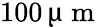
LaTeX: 100\, \upmu\mathrm{~m~}
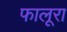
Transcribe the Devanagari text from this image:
फालूरा
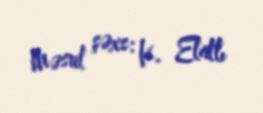
Məsul şəxs: K. Elatlı
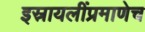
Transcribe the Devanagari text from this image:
इस्रायलींप्रमाणेच
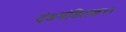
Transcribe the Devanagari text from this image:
दंडमंडितकरा
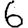
Digit: 6
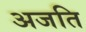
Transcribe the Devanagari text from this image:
अजति
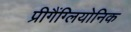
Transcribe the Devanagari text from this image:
प्रीगैंग्लियोनिक
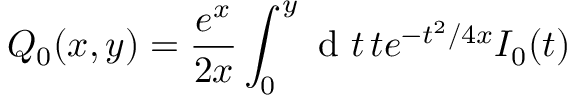
Q _ { 0 } ( x , y ) = \frac { e ^ { x } } { 2 x } \int _ { 0 } ^ { y } \mathrm { ~ d ~ } t \, t e ^ { - t ^ { 2 } / 4 x } I _ { 0 } ( t )
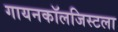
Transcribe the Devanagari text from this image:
गायनकॉलजिस्टला
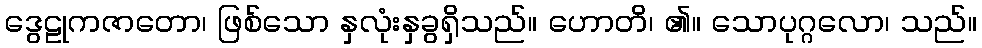
ဒွေဠုကဇာတော၊ ဖြစ်သော နှလုံးနှခွရှိသည်။ ဟောတိ၊ ၏။ သောပုဂ္ဂလော၊ သည်။
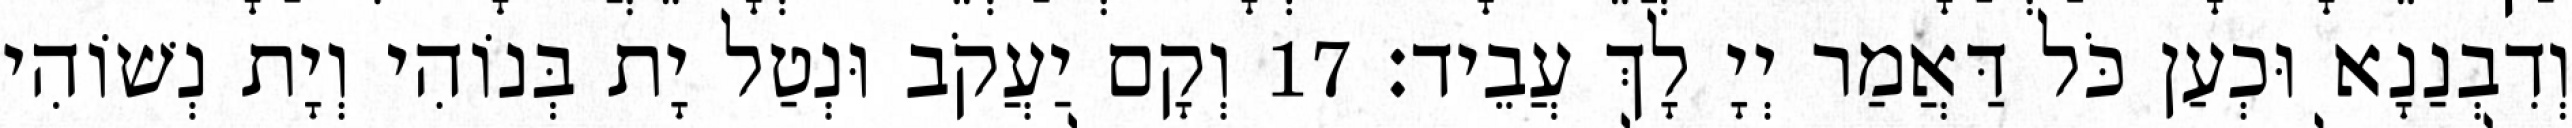
וְדִבְנַנָא וּכְעַן כֹּל דַּאֲמַר יְיָ לָךְ עֲבֵיד׃ 17 וְקָם יַעֲקֹב וּנְטַל יָת בְּנוֹהִי וְיָת נְשׁוֹהִי

***

### INSTRUCTIONS FOR THE TASK:
The answer must be an exact copy of the records above, with the pictures left out.

### EXERCISE RESULT:
LaTeX: 100\, \upmu\mathrm{~m~}
Transcribe the Devanagari text from this image:
फालूरा
Məsul şəxs: K. Elatlı
Transcribe the Devanagari text from this image:
इस्रायलींप्रमाणेच
Transcribe the Devanagari text from this image:
दंडमंडितकरा
Digit: 6
Transcribe the Devanagari text from this image:
अजति
Transcribe the Devanagari text from this image:
प्रीगैंग्लियोनिक
Q _ { 0 } ( x , y ) = \frac { e ^ { x } } { 2 x } \int _ { 0 } ^ { y } \mathrm { ~ d ~ } t \, t e ^ { - t ^ { 2 } / 4 x } I _ { 0 } ( t )
Transcribe the Devanagari text from this image:
गायनकॉलजिस्टला
ဒွေဠုကဇာတော၊ ဖြစ်သော နှလုံးနှခွရှိသည်။ ဟောတိ၊ ၏။ သောပုဂ္ဂလော၊ သည်။
וְדִבְנַנָא וּכְעַן כֹּל דַּאֲמַר יְיָ לָךְ עֲבֵיד׃ 17 וְקָם יַעֲקֹב וּנְטַל יָת בְּנוֹהִי וְיָת נְשׁוֹהִי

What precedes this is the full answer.